Abstract
The last 5 yr (1964–1969) of a 16-yr field experiment involving unidirectional windblown rock and mineral debris focused on study of ground-based objects. A large increase in wind-blown material crossing the plot resulted from accelerated fluvial flooding of the upwind alluvial source area starting in 1964. The plot itself was destroyed by such flooding in early 1969.

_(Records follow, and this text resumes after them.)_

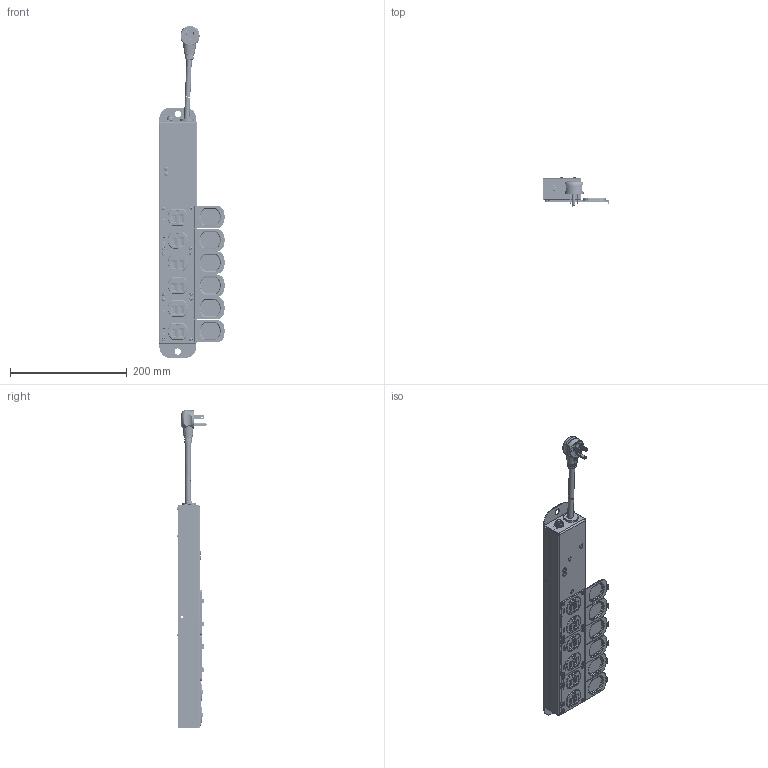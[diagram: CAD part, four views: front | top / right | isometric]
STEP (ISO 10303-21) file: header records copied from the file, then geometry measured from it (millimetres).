
FILE_DESCRIPTION (( 'STEP AP214' ), '1' );
FILE_NAME ('ORC5591-M01.STEP', '2024-11-04T19:25:11', ( '' ), ( '' ), 'SwSTEP 2.0', 'SolidWorks 2024', '' );
FILE_SCHEMA (( 'AUTOMOTIVE_DESIGN' ));
Length unit declared in the file: inch
Products named in the file (1): ORC5591-M01
Bounding box: 114.62 x 50.99 x 568 mm (x, y, z)
Surface area: 304552.7 mm2 (no closed solid volume)
Topology: 0 solids, 80 shells, 4859 faces, 12576 edges, 7984 vertices
Faces by surface type: plane 2207, cylinder 1265, bspline 713, cone 403, torus 182, sphere 89
Full cylindrical faces by diameter (mm): 0.61 x4, 1.3 x4, 1.651 x1, 2 x1, 2.032 x2, 2.156 x2, 2.387 x12, 2.646 x3, 2.845 x21, 2.921 x2, 2.937 x5, 3.048 x3, 3.25 x2, 3.3 x1, 3.4 x5, 3.44 x1, 3.48 x4, 3.505 x16, 3.556 x4, 3.772 x4, 3.8 x1, 3.937 x3, 4.064 x19, 4.166 x1, 4.191 x4, 4.216 x2, 4.318 x3, 4.448 x2, 4.541 x1, 4.547 x3
Entity records: 200085 total; most frequent: CARTESIAN_POINT 90306, ORIENTED_EDGE 23953, DIRECTION 19827, EDGE_CURVE 11981, VERTEX_POINT 7842, AXIS2_PLACEMENT_3D 6707, VECTOR 6413, LINE 6413

Maximum cutting of 2.8 cm in 15 yr on a vertical lucite rod occurred on its oblique upwind sides, at 10 to 15 cm above ground. Cutting rate in the last 3 yr was 15 times greater than in the preceding 12 yr, coincident with the increased flux of wind-borne material. A 30-cm gypsum-cement cube showed an 11-fold increase of cutting rate during the last 4 yr (3.6 cm/yr compared to 0.34 cm/yr). Total cutting on the front face was 18 times greater than on the two side faces combined, an average cutting ratio of 36/1. Common red bricks recorded an average front- to side-face cutting ratio of 20/1, and a front-to-top ratio of 45/1. Cutting of 1 to 2 mm occurred on hard crystalline rock within 15 yr, much of it in the last 5 yr.
Changes in orientation and position of gympsum-cement cubes and common bricks were produced by basal ground scour, tilting, rotation, creep, and tumbling. Newly placed hydrocal cubes developed upwind tilts as much as 17° in as little as 69 days (d), owing to basal scour. A slow upwind creep of 2 to 3 cm accompanied scour and tilt. A 90° rotation around a near-vertical axis of a brick demonstrated the importance of lever-arm length offered to the wind. Movements of many centimetres and complete reversals, bottom for top, were caused by tumbling. Separation of the base of cubes from the ground by tilting or by perching on residual pebbles, owing to scour or overturn, usually produced an instability favorable to movement.